Os meses se passaram e deixei de me aborrecer tanto com Nat Pepys; com o tempo suas visitas se tornaram menos frequentes e, quando ele vinha, não parecia tão interessado em Dominique como eu tinha imaginado. Continuei meu trabalho, mas pensando seriamente em ir embora. Meus dois receios eram, primeiro, como Tomas reagiria à notícia, pois, de nós três, fora ele quem melhor se adaptara à vida ali — e não havia a menor possibilidade de eu partir sem ele. Segundo, se Dominique iria ou não comigo. Ao contrário do meu irmão, ela não era uma criança e podia tomar suas próprias decisões.

Era verão e havia uma festa de aniversário para Alfred Junior, o religioso filho do meio de Sir Alfred Pepys. Cerca de cinquenta pessoas tinham comparecido para as festividades ao ar livre. O orvalho da manhã deixara a grama brilhando, reluzindo sob os raios do sol. Os canteiros estavam todos floridos e a mansão parecia mais bem cuidada e cheia de vida do que nunca.

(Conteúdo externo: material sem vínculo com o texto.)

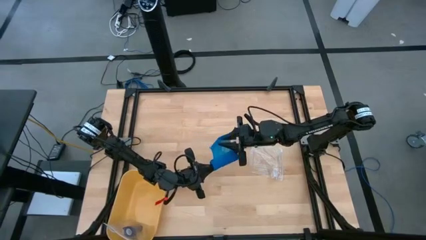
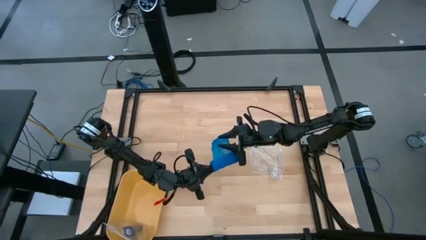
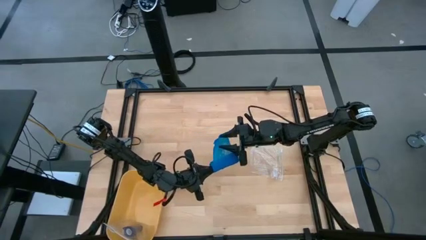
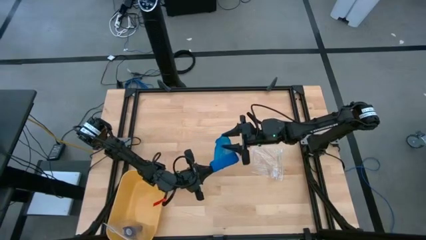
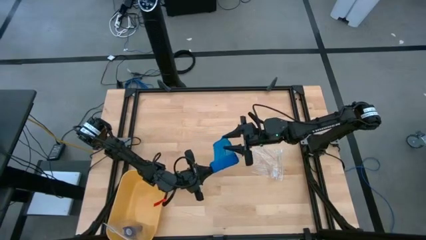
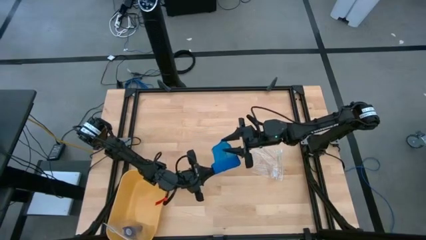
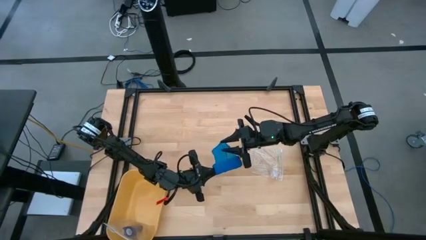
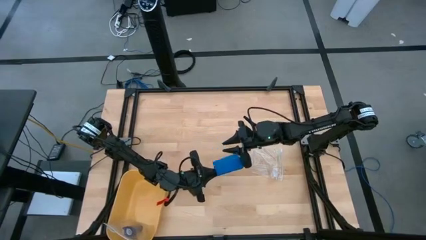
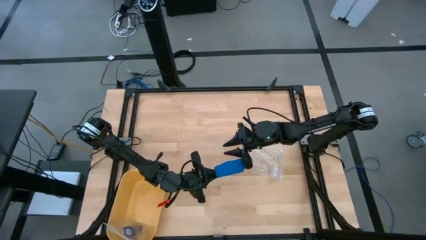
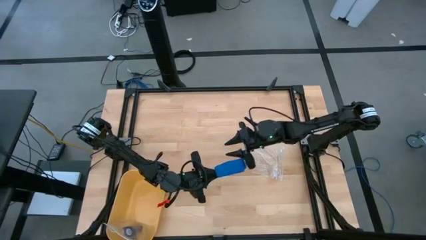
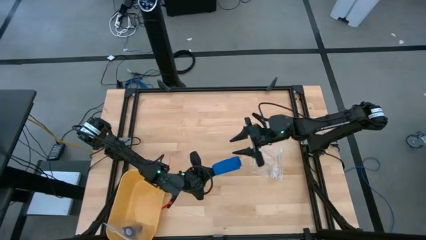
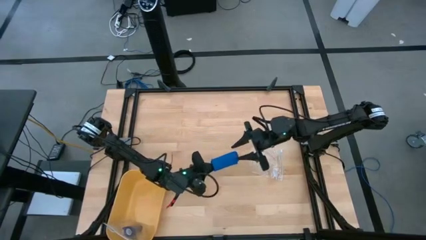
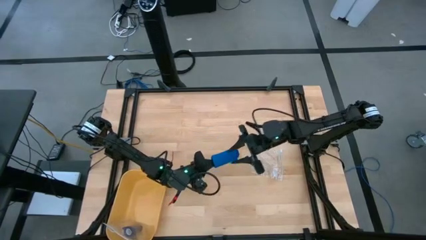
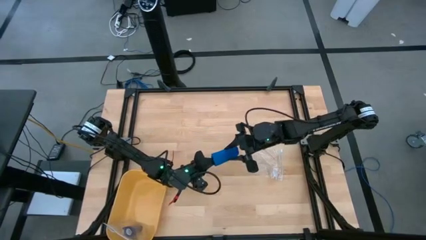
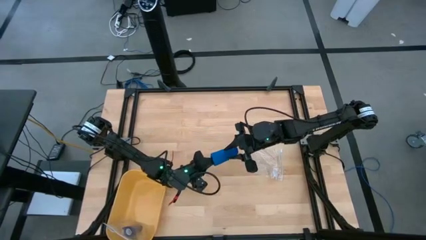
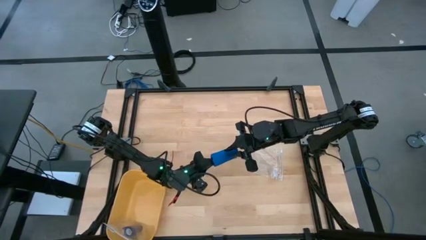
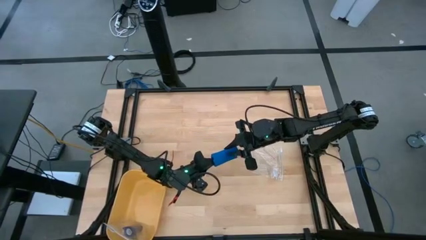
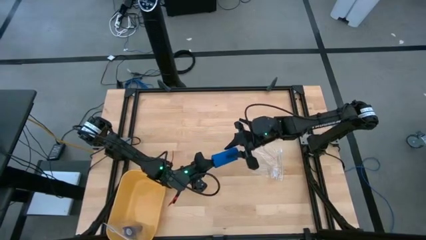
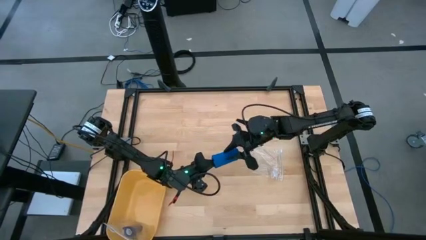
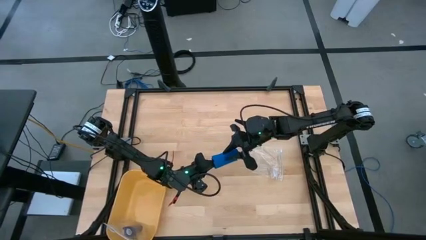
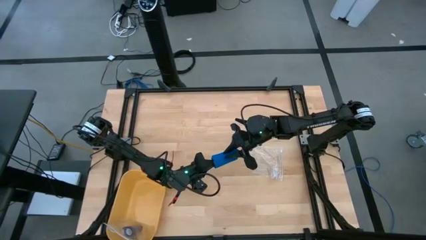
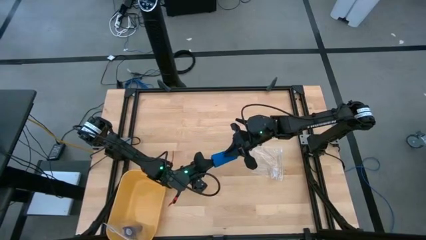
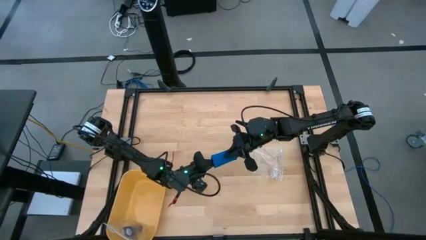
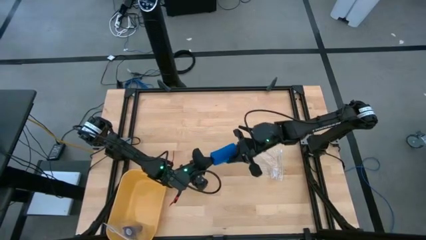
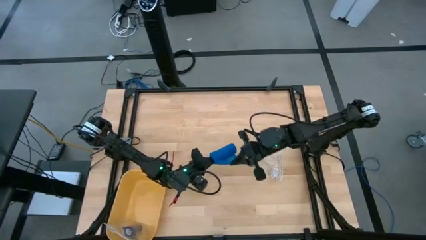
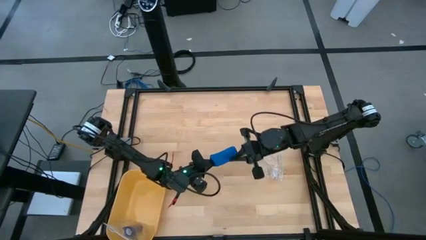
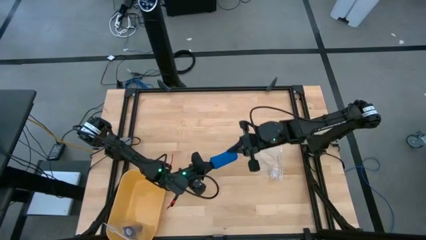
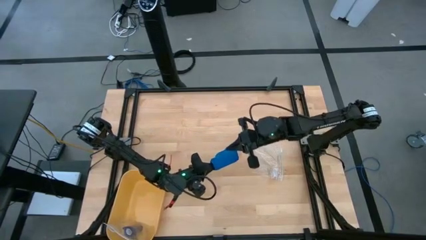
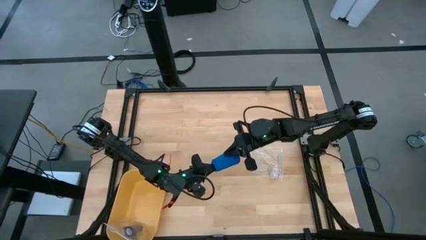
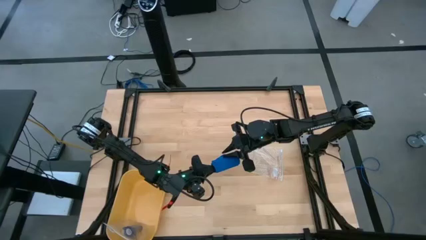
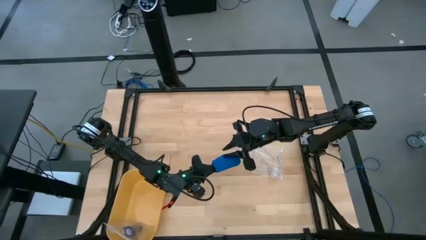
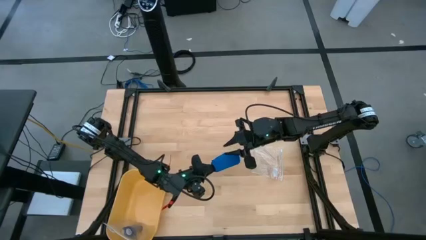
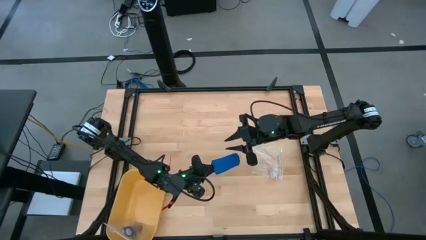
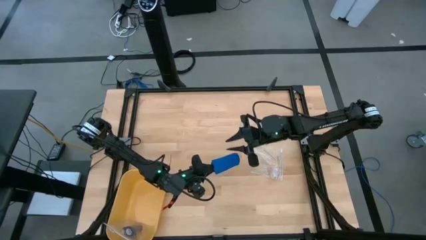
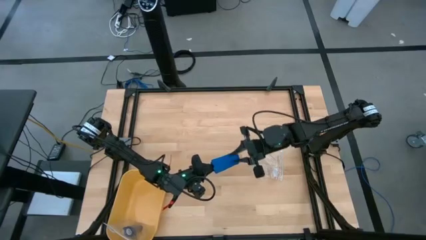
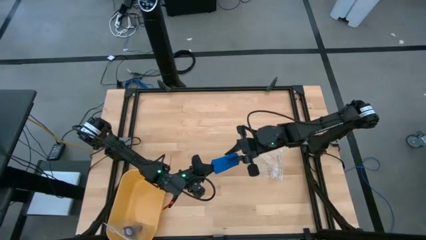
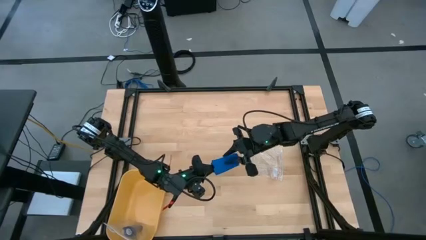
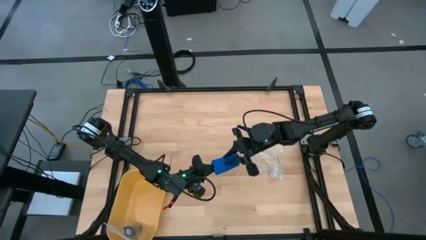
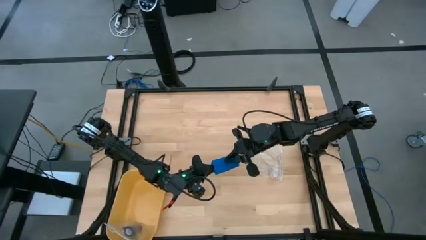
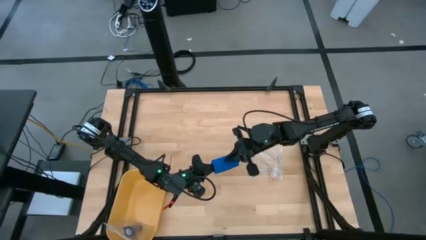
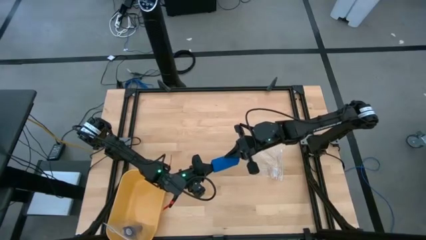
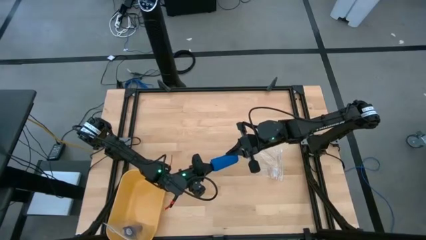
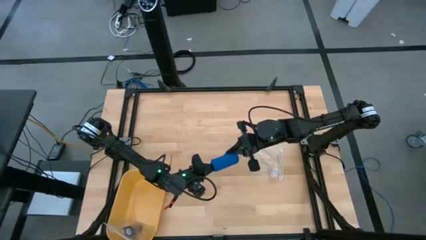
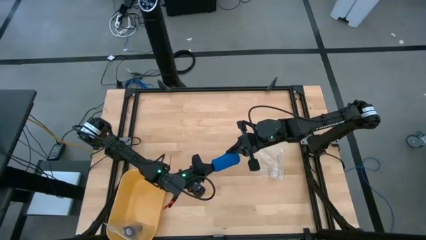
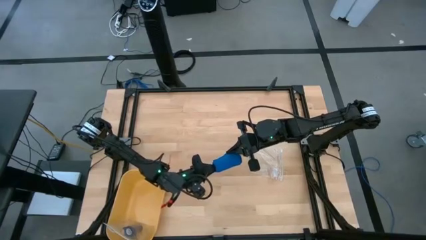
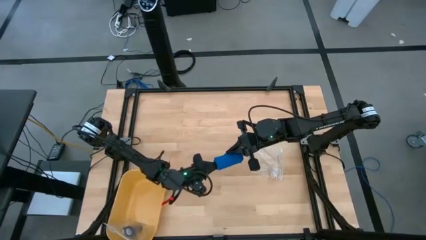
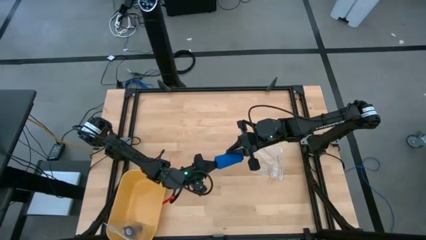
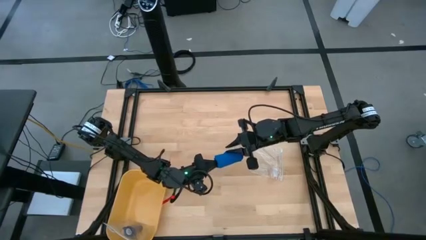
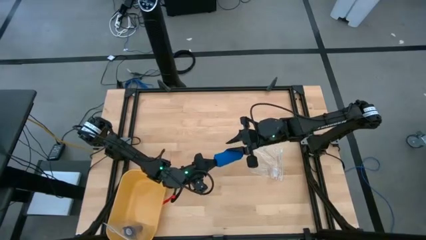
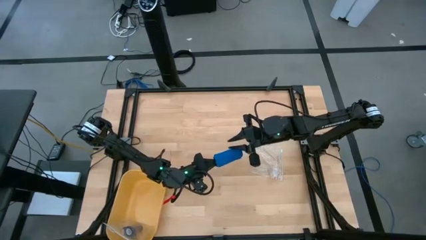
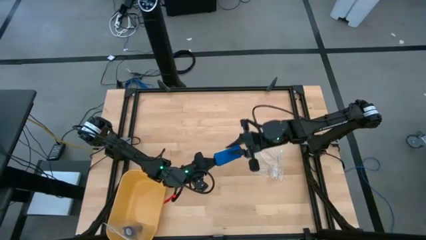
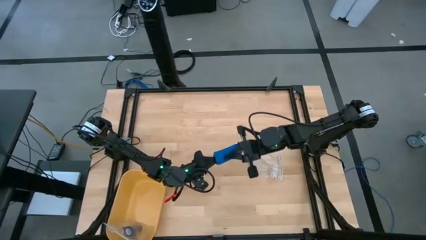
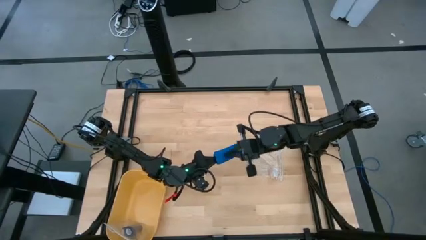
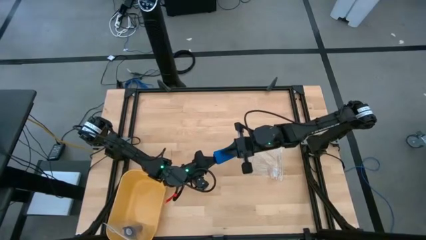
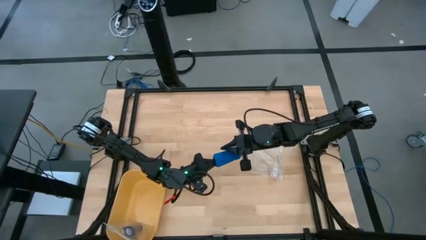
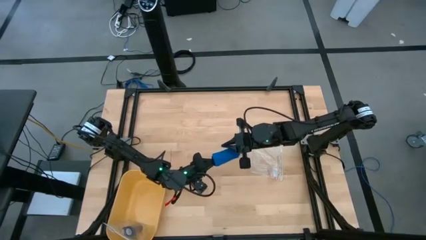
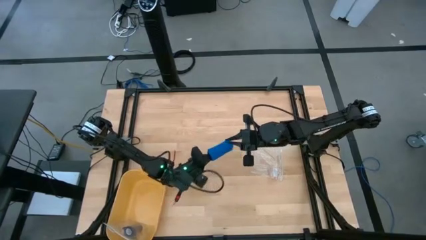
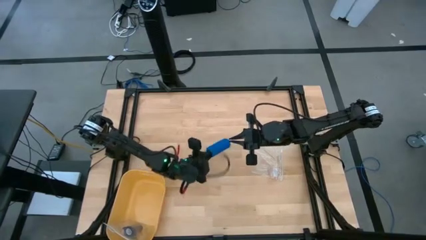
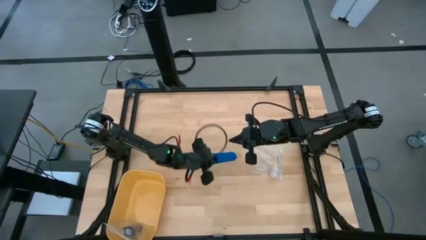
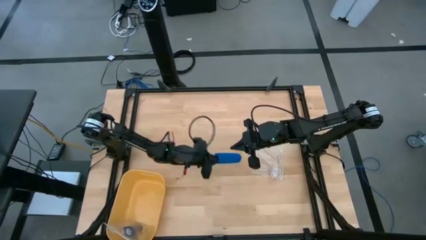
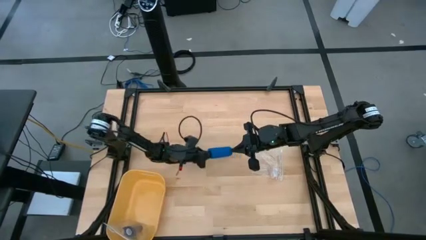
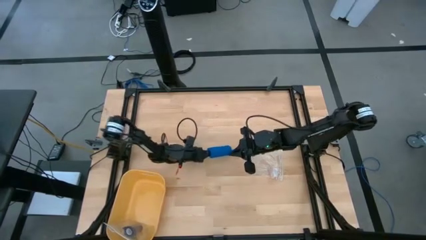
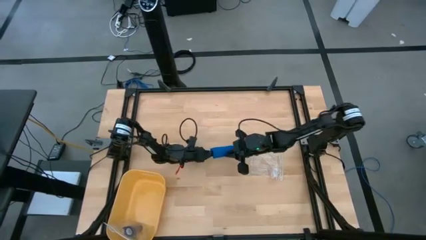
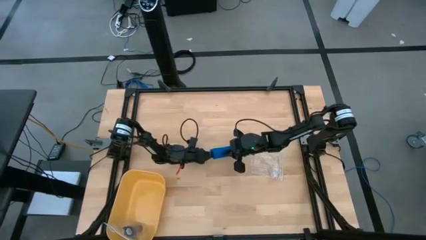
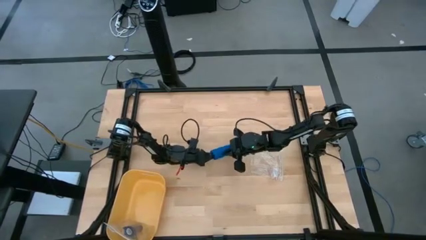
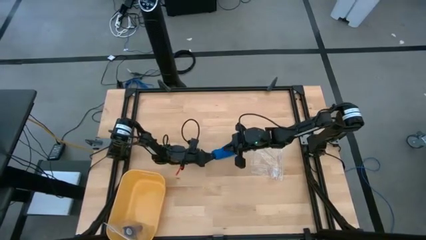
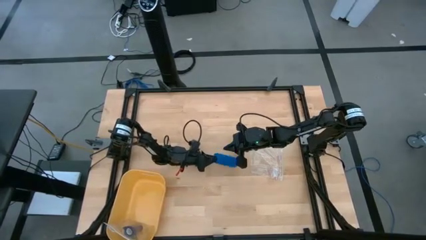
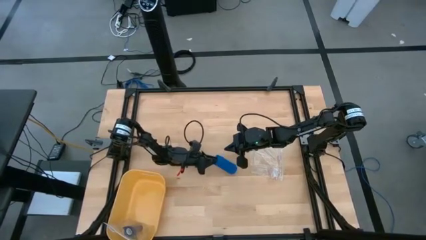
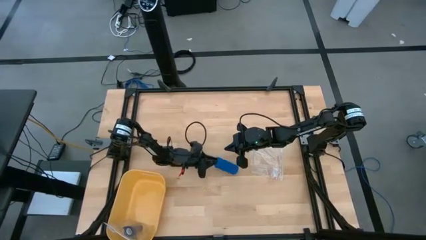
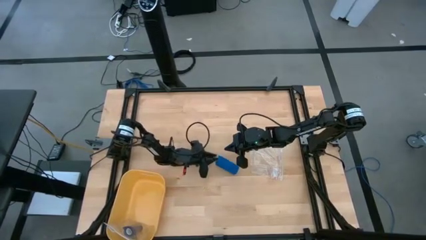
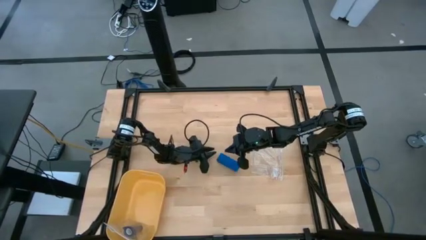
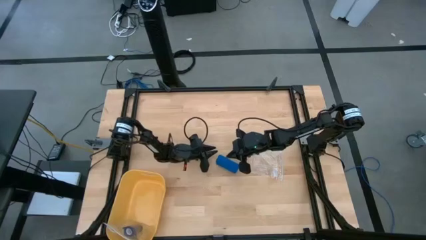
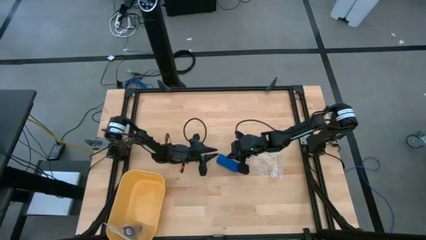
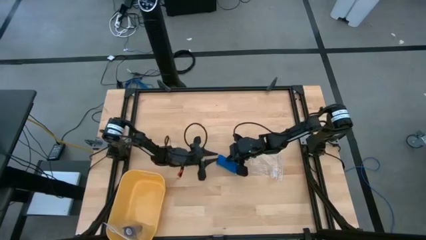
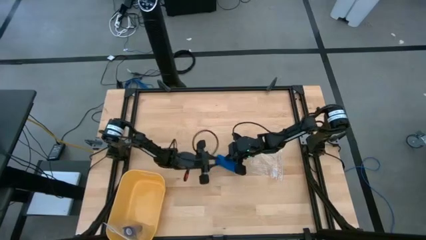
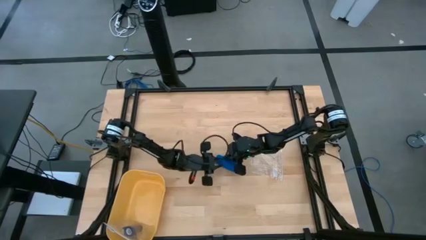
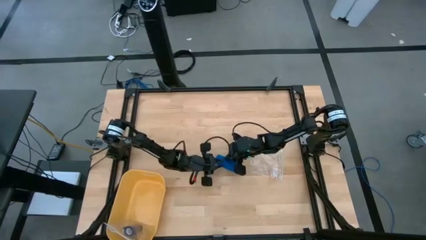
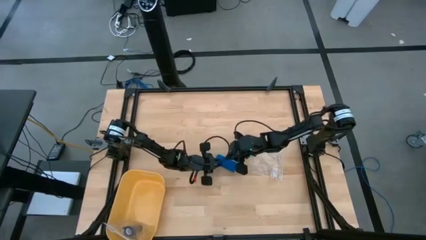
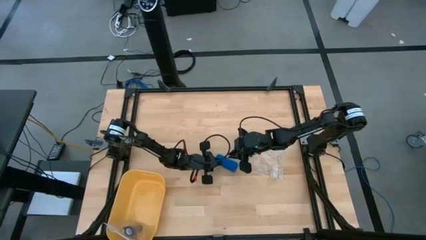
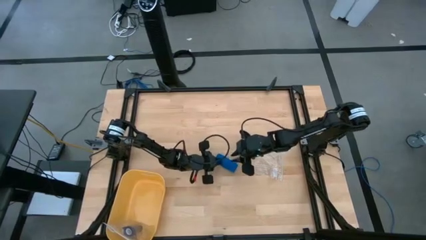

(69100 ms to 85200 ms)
Task: Roll bandage
Roll the blue bandage

Eu e Jack cuidávamos das carroças e dos cavalos, enfileirados desde a frente da mansão Cageley até os estábulos onde costumávamos trabalhar. Transportávamos com dificuldade baldes e baldes de água para os animais, a fim de evitar a desidratação por causa da alta temperatura; na verdade, nós mesmos sentíamos os efeitos da onda de calor ao irmos de um extremo a outro do terreno com os baldes pesados. Não tínhamos permissão para tirar a camisa quando havia convidados e, com o suor, elas grudavam em nossas costas. Comecei a perder a noção do que estava fazendo, indo de um lado a outro sem me dar conta da passagem do tempo ou da quantidade de cavalos que cuidávamos. Diante dos meus olhos, o dia se tornou quase branco de tão claro, e não conseguia enxergar nem ouvir mais nada. Enfim, quando eu enchia mais um balde de água na torneira próxima aos estábulos, senti a mão de Jack no meu ombro, me sacudindo com gentileza.

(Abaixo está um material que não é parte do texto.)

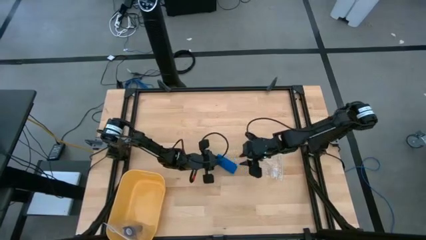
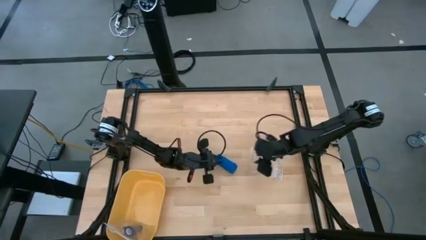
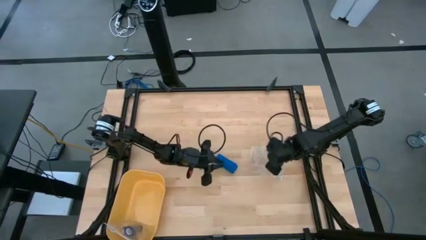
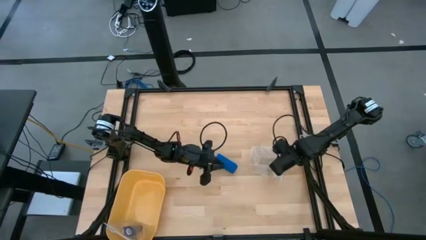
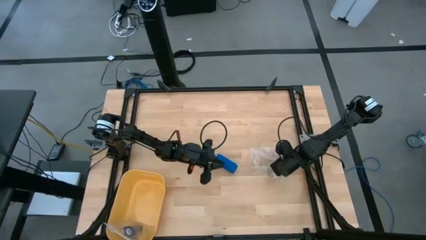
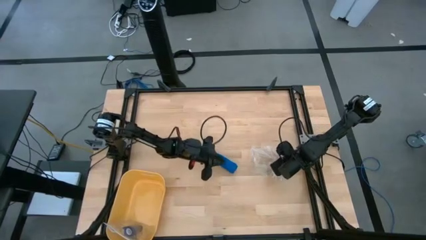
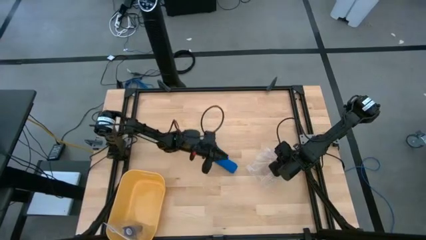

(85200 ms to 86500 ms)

“Já é o suficiente”, ele disse, desmoronando na grama ao meu lado. “Já fizemos o suficiente por enquanto. Estão todos bem.”

“Você acha?”, perguntei, quase gemendo de alívio. “Podemos fazer uma pausa?”

Ele concordou com a cabeça. À distância, no gramado, podíamos ver alguns convidados conversando, circulando, bebericando copos de limonada bem gelada. Ouvi passos atrás de mim e sorri ao ver Dominique vindo em nossa direção com uma bandeja. “Estão prontos para comer alguma coisa?”, ela disse, sorrindo, e duvido que algum de nós tenha ficado mais feliz na vida ao ver um ser humano do que naquele momento. Ela tinha nos preparado sanduíches de carne, e no centro da bandeja havia uma jarra alta de limonada com canecas de cerveja. Comemos e bebemos por alguns minutos, agradecidos e calados enquanto recuperávamos nossas forças. Senti a limonada descer pela garganta e entrar no meu corpo, sua doçura ajudando a restabelecer o nível de açúcar no sangue; comecei a ficar menos trêmulo e a me sentir cansado.

“Isto não é vida”, comentei depois de algum tempo, esfregando os músculos dos braços, espantado com o quanto meus antebraços tinham crescido nos últimos meses. Eu estava mais forte do que nunca, mas não como Jack, cujo corpo parecia naturalmente projetado para força e músculos; eu ainda não tinha porte, e os músculos pareciam quase inapropriados para minha estrutura juvenil. “Preciso de outro emprego.”

“Nós dois precisamos”, ele disse, embora estivesse mais próximo de conseguir isso do que eu. Jack tinha decidido não permanecer mais em Cageley depois do verão e me confidenciou que planejava entregar o pedido de demissão na semana seguinte. Tinha dinheiro suficiente para chegar até Londres e sobreviver por vários meses, se fosse necessário, embora estivesse convencido de que iria arrumar um emprego como caixeiro com relativa facilidade. Eu não duvidava. Ele comprara um terno novo e certa noite, quando o vestiu para me mostrar, fiquei chocado com a transformação. O cavalariço parecia muito mais homem do que qualquer herdeiro Pepys, que tinham sido conduzidos à vida adulta e à respeitabilidade sem esforço, através da idade e do dinheiro; Jack era alto e bonito e vestia o terno como quem tinha nascido para aquilo. E era também inteligente e perspicaz. Eu não imaginava uma situação em que ele não arranjasse um trabalho em questão de poucos dias.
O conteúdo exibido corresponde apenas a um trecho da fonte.